Tuesday, January 25, 2005

Short one tonight

This getting up early bit doesn't sit well with me. So, it's 11 pm and I'm spralled out on my couch falling asleep. So, I'm gonna head to bed early.

I leave you some lyrics from a Casting Crowns song:
Who am I?

That the Lord of all the earth,
Would care to know my name,
Would care to feel my hurt,
Who am I?
That the Bright and Morning Star,
Would choose to light the way,
For my ever wandering heart,

Not because of who I am,
But because of what You've done,
Not because of what I've done,
But because of who You are,

I am a flower quickly fading,
Here today and gone tomorrow,
A wave tossed in the ocean (ocean),
A vapor in the wind,
Still You hear me when I'm calling,
Lord, You catch me when I'm falling,
And You've told me who I am..
I am Yours.

A tropical heatwave

The big story - it's supposed to be in the 40s tomorrow! This is wonderful news to me. This morning, it took me about 10 minutes to chip the ice off my car doors so I could get into my car and to defrost the windshield enough so I could clear it. I was almost late to class because of the inch of ice the engulfed my car.

Something I forgot to mention the other day. It's really great that Viktor Yushchenko has been offically inaugurated in the Ukraine. It was quite encouraging watching the people of Ukraine stand up and fight for the freedom they had been granted. It is something like that which can remind us all of our very precious freedom. Republican, Democrat, Green- whatever party - we can all agree that our right to vote and our right to live a free life is a wonderful thing.

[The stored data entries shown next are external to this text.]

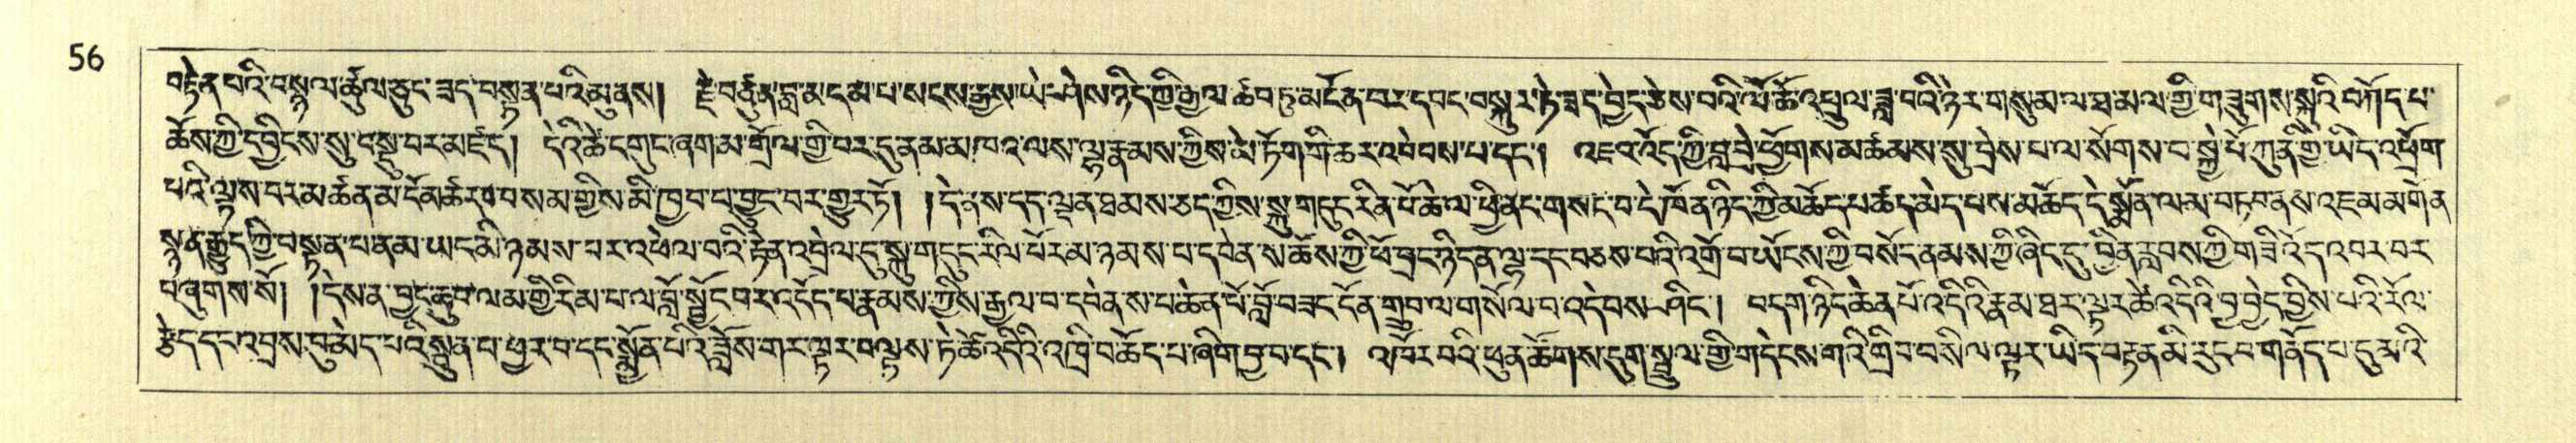བརྟེན་པའི་བསྙལ་ཚུལ་ཅུང་ཟད་བསྟན་པའི་མུ་ནས། རྗེ་བཙུན་བླ་མ་དམ་པ་སངས་རྒྱས་ཡེ་ཤེས་ཉིད་ཀྱི་རྒྱལ་ཚབ་ཏུ་མངོན་བར་དབང་བསྐུར་ཏེ་ཟད་བྱེད་ཅེས་པའི་ཆོ་འཕྲུལ་ཟླ་བའི་ཉེར་གསུམ་ལ་ཐ་མལ་གྱི་གཟུགས་སྐུའི་བཀོད་པ་
ཆོས་ཀྱི་དབྱིངས་སུ་བསྡུ་བར་མཛད། དེའི་ཚེ་དགུང་ཞག་མ་གྲོལ་གྱི་བར་དུ་ནམ་མཁའ་ལས་ལྷ་རྣམས་ཀྱིས་མེ་ཏོག་གི་ཆར་འབེབས་པ་དང་། འཇའ་འོད་ཀྱི་བླ་བྲེ་ཕྱོགས་མཚམས་སུ་བྲེས་པ་ལ་སོགས་པ་སྐྱེ་པོ་ཀུན་གྱི་ཡིད་འཕྲོག་
པའི་ལྟས་བར་མཚན་མ་ངོ་མཚར་བ་བསམ་གྱིས་མི་ཁྱབ་པ་བྱུང་བར་གྱུར་ཏོ། །དེ་ནས་དད་ལྡན་ཐམས་ཅད་ཀྱིས་སྐུ་གདུང་རིན་པོ་ཆེ་ལ་ཕྱི་ནང་གསང་བ་དེ་ཁོ་ན་ཉིད་ཀྱི་མཆོད་པ་ཚད་མེད་པས་མཆོད་དེ་སྨོན་ལམ་བཏབ་ནས་འཇམ་མགོན་
སྙན་རྒྱུད་ཀྱི་བསྟན་པ་ནམ་ཡང་མི་ཉམས་པར་འཕེལ་བའི་རྟེན་འབྲེལ་དུ་སྐུ་གདུང་རིལ་པོར་མ་ཉམས་པ་དབེན་ས་ཆོས་ཀྱི་ཕོ་བྲང་ཉིད་ན་ལྷ་དང་བཅས་པའི་འགྲོ་བ་ཡོངས་ཀྱི་བསོད་ནམས་ཀྱི་ཞིང་དུ་བྱིན་རླབས་ཀྱི་གཟི་འོད་འབར་བར་
བཞུགས་སོ། །དེས་ན་བྱང་ཆུབ་ལམ་གྱི་རིམ་པ་ལ་བློ་སྦྱོང་བར་འདོད་པ་རྣམས་ཀྱིས་རྒྱལ་བ་དབེན་ས་པ་ཆེན་པོ་བློ་བཟང་དོན་གྲུབ་ལ་གསོལ་བ་འདེབས་ཤིང་། བདག་ཉིད་ཆེན་པོ་འདིའི་རྣམ་ཐར་ལྟར་ཚེ་འདིའི་བྱ་བྱེད་བྱིས་པའི་རོལ་
རྩེད་དང་འབྲས་བུ་མེད་པའི་སྤུན་པ་ཕྱར་བ་དང་སྨྱོན་པའི་ཟློས་གར་ལྟར་བལྟས་ཏེ་ཚེ་འདིའི་འཁྲི་བ་ཆོད་པ་ཞིག་བྱ་བ་དང་། འཁོར་བའི་ཕུན་ཚོགས་དུག་སྤྲུལ་གྱི་གདེངས་གའི་གྲིབ་བསིལ་ལྟར་ཡིད་བརྟན་མི་རུང་བ་གནོད་པ་དུ་མའི་

Ok, so I needed to get a little political rant in my blog eventually! :-)

Sunday, January 23, 2005

And then there were two...

Well, we now await the superbowl. Today was great, just relaxing some and watching the championship games all afternoon and evening. Turns out I predicted correctly, but since I wasn't predicting anything too crazy, I don't put much weight into it. :-)

Tomorrow morning marks the beginning of my crazy weeks. Everyone knows my lack of excitement for waking up early, so we'll see how it goes. I also start my new job, and am excited about that.

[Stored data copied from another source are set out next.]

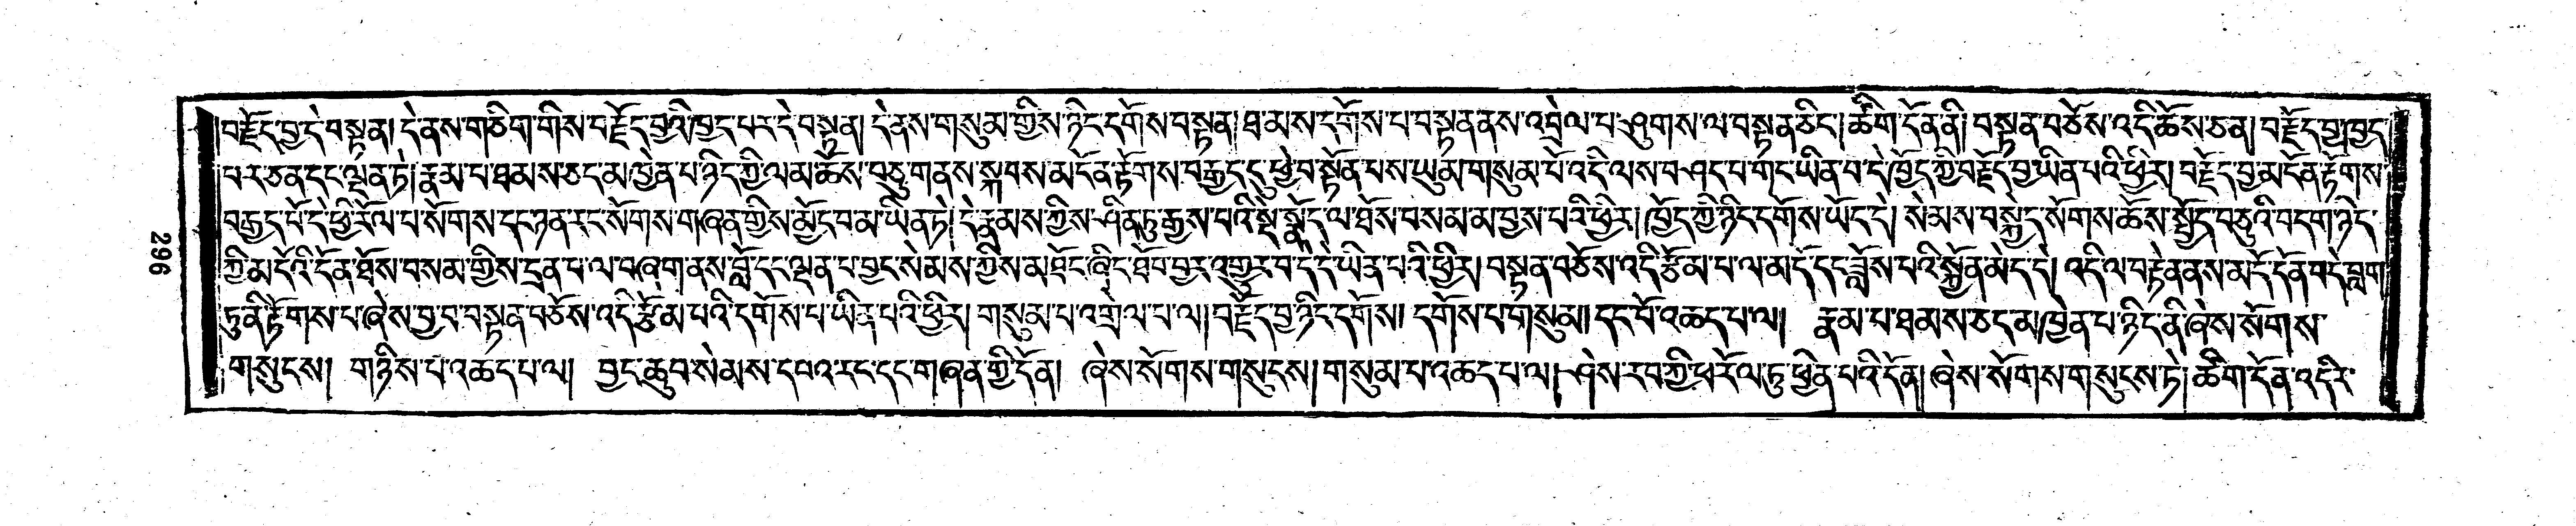བརྗོད་བྱ་དེ་བསྟན། དེ་ནས་གཅིག་གིས་བརྗོད་བྱའི་ཁྱད་པར་དེ་བསྟན། དེ་ནས་གསུམ་གྱིས་ཉིང་དགོས་བསྟན། ཐ་མས་དགོས་པར་སྟན་ནས་འབྲེལ་པ་ཤུགས་ལ་བསྟན་ཅིང་། ཚིག་དོན་ནི། བསྟན་བཅོས་འདི་ཆོས་ཅན། བརྗོད་བྱ་ཁྱད་
པར་ཅན་དང་ལྡན་ཏེ། རྣམ་པ་ཐམས་ཅད་མཁྱེན་པ་ཉིད་ཀྱི་ལམ་ཆོས་བཅུ་གནས་སྐབས་མངོན་རྟོགས་བརྒྱད་དུ་ཕྱེ་བ་སྟོན་པས་ཡུམ་གསུམ་པོ་འདི་ལས་བཤད་པ་གང་ཡིན་པ་དེ་ཁྱོད་ཀྱི་བརྗོད་བྱ་ཡིན་པའི་ཕྱིར། བརྗོད་བྱ་མངོན་རྟོགས་
བརྒྱད་པོ་དེ་ཕྱི་རོལ་པ་སོགས་དང་ཉན་རང་སོགས་གཞན་གྱིས་མྱོང་བ་མ་ཡིན་ཏེ། དེ་རྣམས་ཀྱིས་ཤིན་ཏུ་རྒྱས་པའི་སྡེ་སྣོད་ལ་ཐོས་བསམ་མ་བྱས་པའི་ཕྱིར། ཁྱོད་ཀྱི་ཉིང་དགོས་ཡོད་དེ། སེམས་བསྐྱེད་སོགས་ཆོས་སྤྱོད་བཅུའི་བདག་ཉིད་
ཀྱི་མདོའི་དོན་ཐོས་བསམ་གྱིས་དྲན་པ་ལ་བཞག་ནས་བློ་དང་ལྡན་པ་བྱང་སེམས་ཀྱིས་མཐོང་ཞིང་ཐོབ་བྱར་འགྱུར་བ་དེ་དེ་ཡིན་པའི་ཕྱིར། བསྟན་བཅོས་འདི་རྩོམ་པ་ལ་མདོ་དང་ཟློས་པའི་སྐྱོན་མེད་དེ། འདི་ལ་བརྟེན་ནས་མདོ་དོན་བདེ་བླག་
ཏུ་ནི་རྟོགས་པ་ཞེས་བྱ་བ་བསྟན་བཅོས་འདི་རྩོམ་པའི་དགོས་པ་ཡིན་པའི་ཕྱིར། གསུམ་པ་འགྲེལ་པ་ལ། བརྗོད་པ་ཉིང་དགོས། དགོས་པ་གསུམ། དང་པོ་འཆད་པ་ལ། རྣམ་པ་ཐམས་ཅད་མཁྱེན་པ་ཉིད་ནི་ཞེས་སོགས་
གསུངས། གཉིས་པ་འཆད་པ་ལ། བྱང་ཆུབ་སེམས་དཔའ་རང་དང་གཞན་གྱི་དོན། ཞེས་སོགས་གསུངས། གསུམ་པ་འཆད་པ་ལ། ཤེས་རབ་ཀྱི་ཕ་རོལ་ཏུ་ཕྱིན་པའི་དོན། ཞེས་སོགས་གསུངས་ཏེ། ཚིག་དོན་འདིར་

Ok, well while I'm sitting here typing this, a commercial just came on about Katie Couric's report on Teens and Sex. Evidently a poll was recently conducted that shows that almost 1/3 of young teens (under 16) are sexually active. I also read in one of my economics textbooks today that the invention and proliferation of the different contraceptives has decreased the "cost" of sex and induces more to engage in it. It makes me sad to see many of these youngsters (wow, I feel old using that term) finding themselves in a position to have a child before they even have a chance to graduate high school. Without getting into a sex debate, I think that most would find the trend for more and younger kids being sexually active slightly disturbing.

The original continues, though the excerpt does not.